In that interview Roa praised the Holy See's posture vis-à-vis the government of Cuba, but accused the country's bishops of taking sides with foreign powers.Besides the fact that Castro's ambasadors lack any sort of credibility, I wonder how he can say the Church is pro-U.S., when recent stories are reporting the Pope's opposition to U.S. embargo on Cuba.
The cardinal said Roa's comments make it seem that "all the responsibility for the difficulties of Church-state relations in Cuba fall on the bishops, ignoring all that corresponds to the government of our country," and that that episcopate serves the interests of the United States in the island nation.
The archbishop of Havana added: "We, the bishops of Cuba, are used to reading all kinds of newspaper articles, where we are accused of being 'collaborationists with the Castro government,' of supporting a specific dissident group or leader and of other contradictory things.
"This, although unpleasant, is possible in newspaper articles, but the insinuation, repeated by Mr. Roa that the Church in Cuba through her bishops has always responded to foreign powers is totally new and gratuitous."
"His opinions on the Cuban bishops and their estrangement from priests are unacceptable and false," stated the cardinal.
In the paragraphs of the interview that refer to the Church in Cuba, Roa "uses disrespectful and at times offensive language, never used before by any ambassador of Cuba to the Holy See in public documents," added the prelate.
Cardinal Ortega added: "This is an unpleasant surprise and I want to affirm our total rejection of the content of his words and of his wounding and anything but conciliatory style."
Ninoska Perez hit the issue on the nail--the double standard that seems to exist when it comes to Cuba. What is about Castro that seems to fool the world? What charm or magic does he posses? Is not his atrocities evident? What is there to admire about Castro's revolution?

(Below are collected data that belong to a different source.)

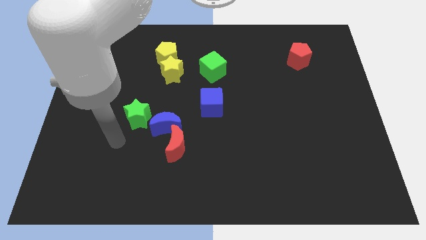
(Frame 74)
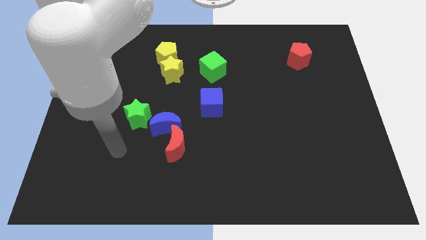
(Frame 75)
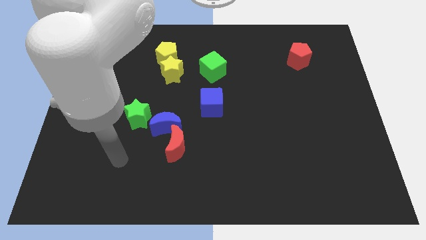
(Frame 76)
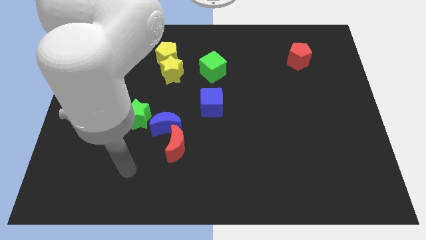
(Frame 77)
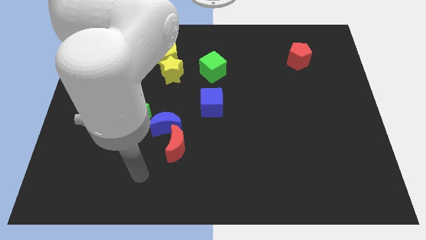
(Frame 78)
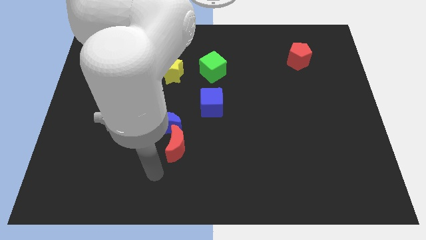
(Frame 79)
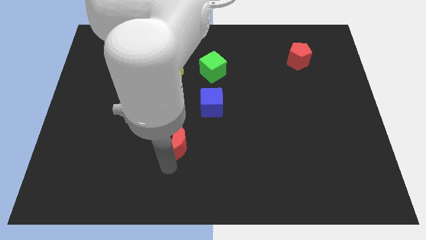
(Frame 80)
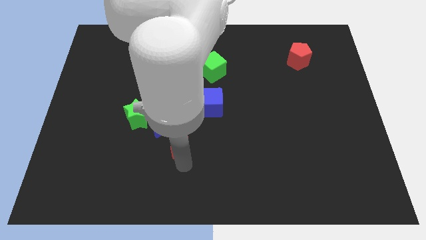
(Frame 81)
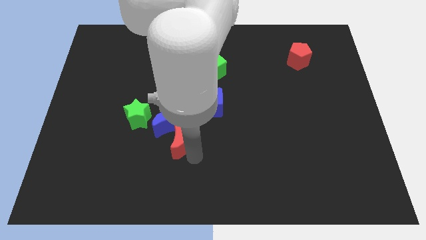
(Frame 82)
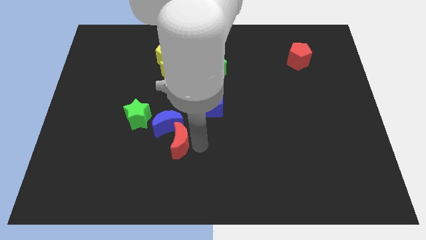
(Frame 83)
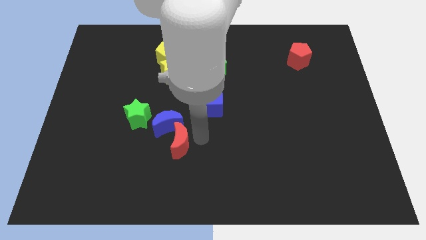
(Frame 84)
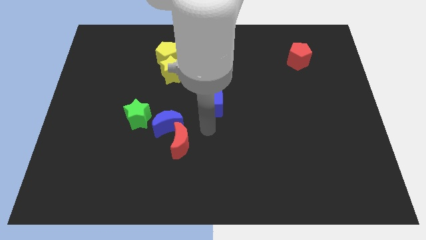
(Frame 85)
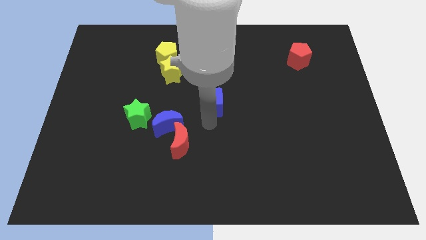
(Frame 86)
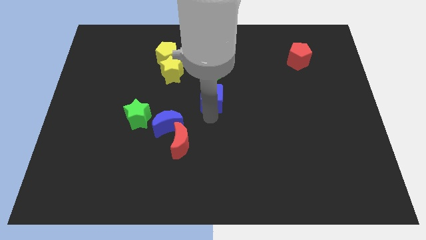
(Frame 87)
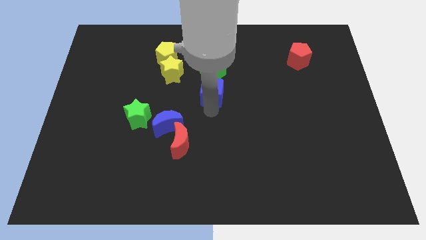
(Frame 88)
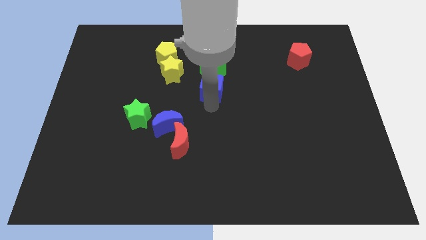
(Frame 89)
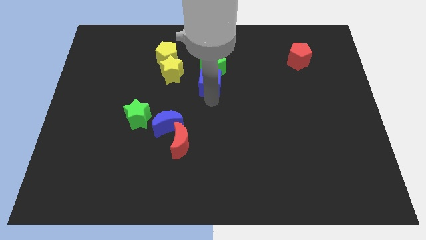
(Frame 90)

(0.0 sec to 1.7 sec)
put the blue cube to the green cube

"The Holy See wishes ardently that the obstacles that currently impede free communication and exchange between Cuba and the international community may be overcome as soon as possible, thus consolidating, by means of a respectful and open dialogue among all, the conditions necessary for genuine development," the pope said.
For some observers, the statement came as no surprise. The Vatican has repeatedly opposed economic embargoes designed to achieve political purposes. But for some Cuban exiles, many of them Catholic, the pontiff's message was a slap in the face.
"It's nothing different than the same attitude that the pope has had in regards to Cuba, which is really sad because it's not the same attitude he had toward Poland or toward communism [in other countries]," said Cuban exile activist Ninoska Pérez Castellón. "It's really disappointing."